Tüm bunların yanı sıra Nick Cave, TV dizisi "X-Files"tan şarkıları içeren "Songs In The Key Of X" albümünde yer aldı..
1996 MTV Müzik Ödülleri'nde "En İyi Erkek Şarkıcı" ödülüne layık görüldü. Fakat Nick Cave bu ödülü, "söz konusu olan sanat olduğunda başkalarıyla yarışmak istemediğini" gerekçe göstererek reddetti.
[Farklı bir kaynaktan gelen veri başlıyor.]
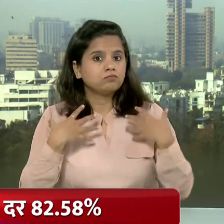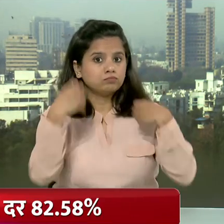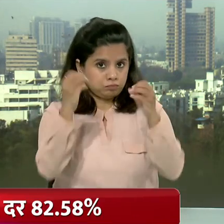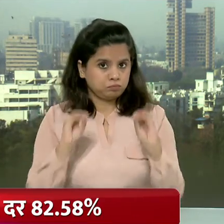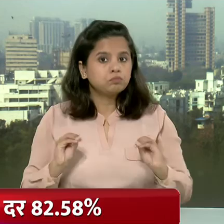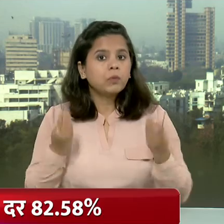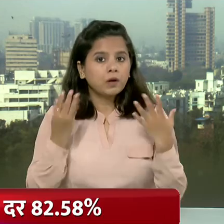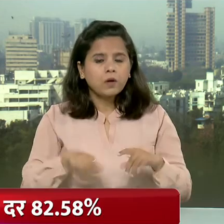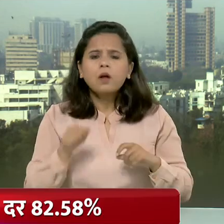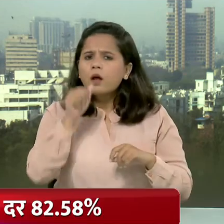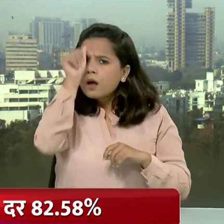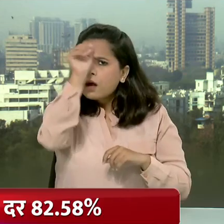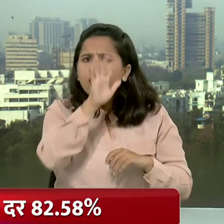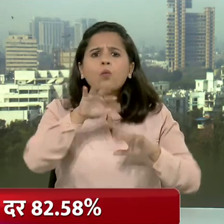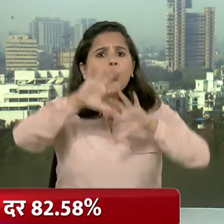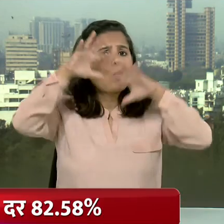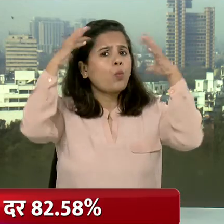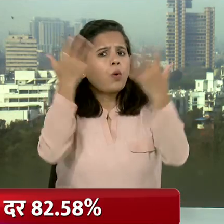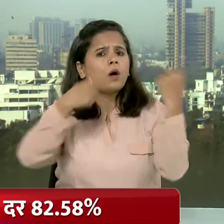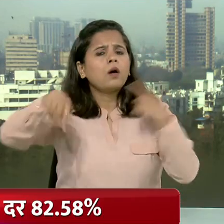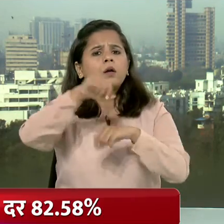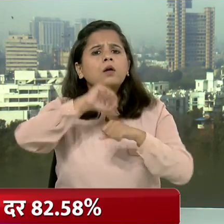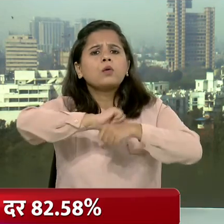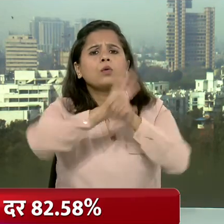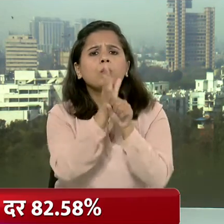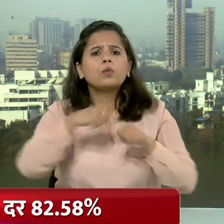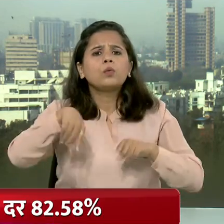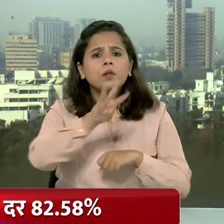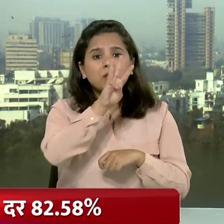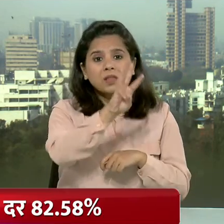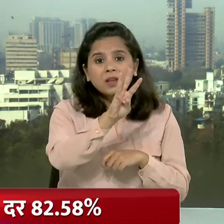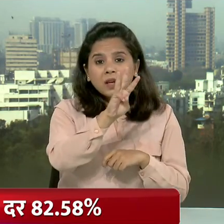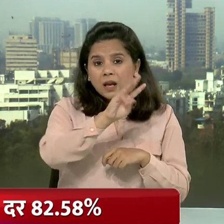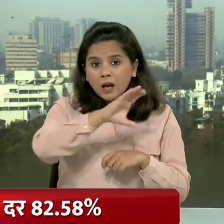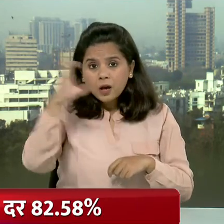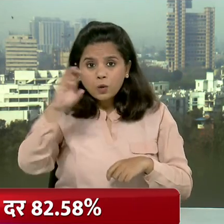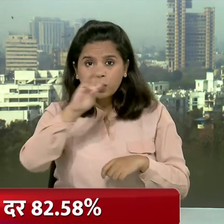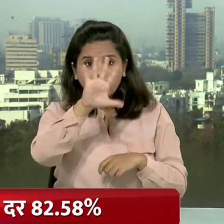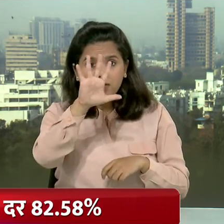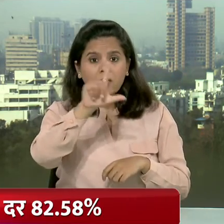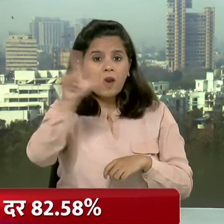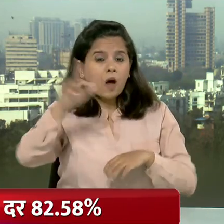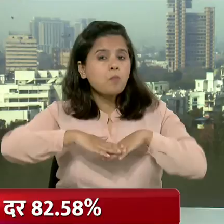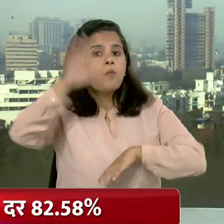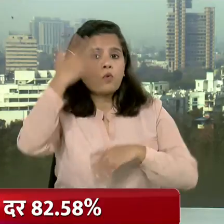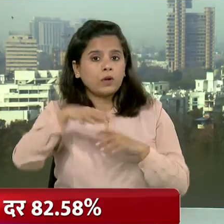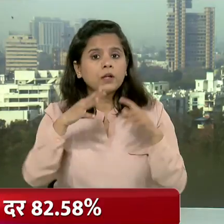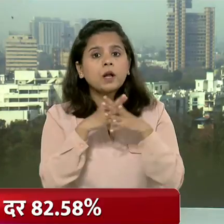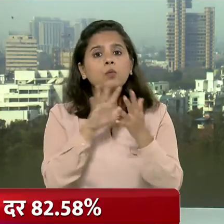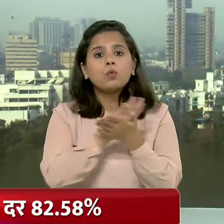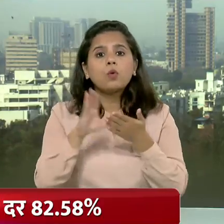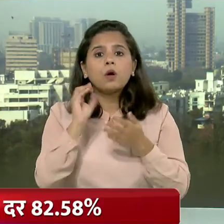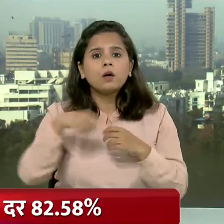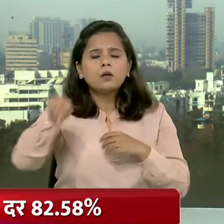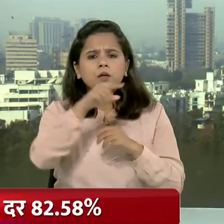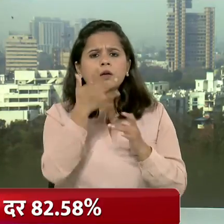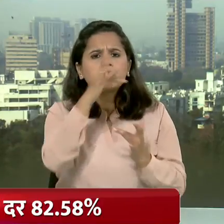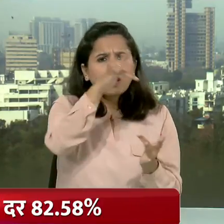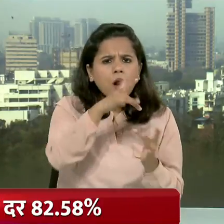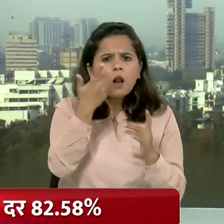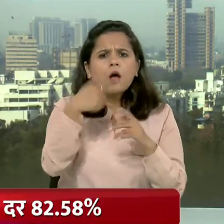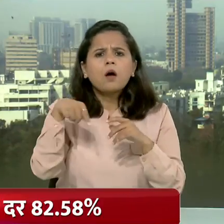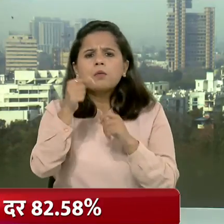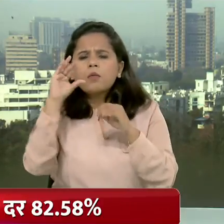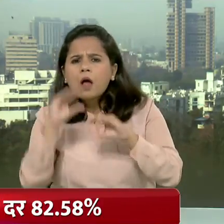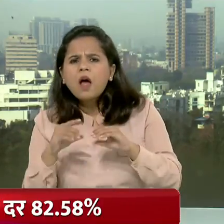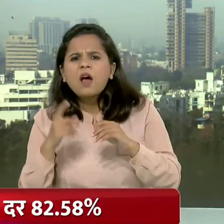स्वस्थ दुनिया भर में करोना मामलों की संख्या 3 करोड 35 लाख के पार दबलो एचो निम्न और मधें आये

1997 yılında piyasaya sürülen "The Boatman's Call"dan sonra Nick Cave and The Bad Seeds bir Avrupa turnesine çıktı.
1998 yılında yayınlanan Best Of'tan sonra nihayet 2001 yılında "No More Shall We Part" albümüyle kendilerine yeniden kavuştuk. Ve de albümün turnesinde Türkiye'nin de dahil edilmesiyle daha bir görkemli kavuştuk diyebiliriz değil mi?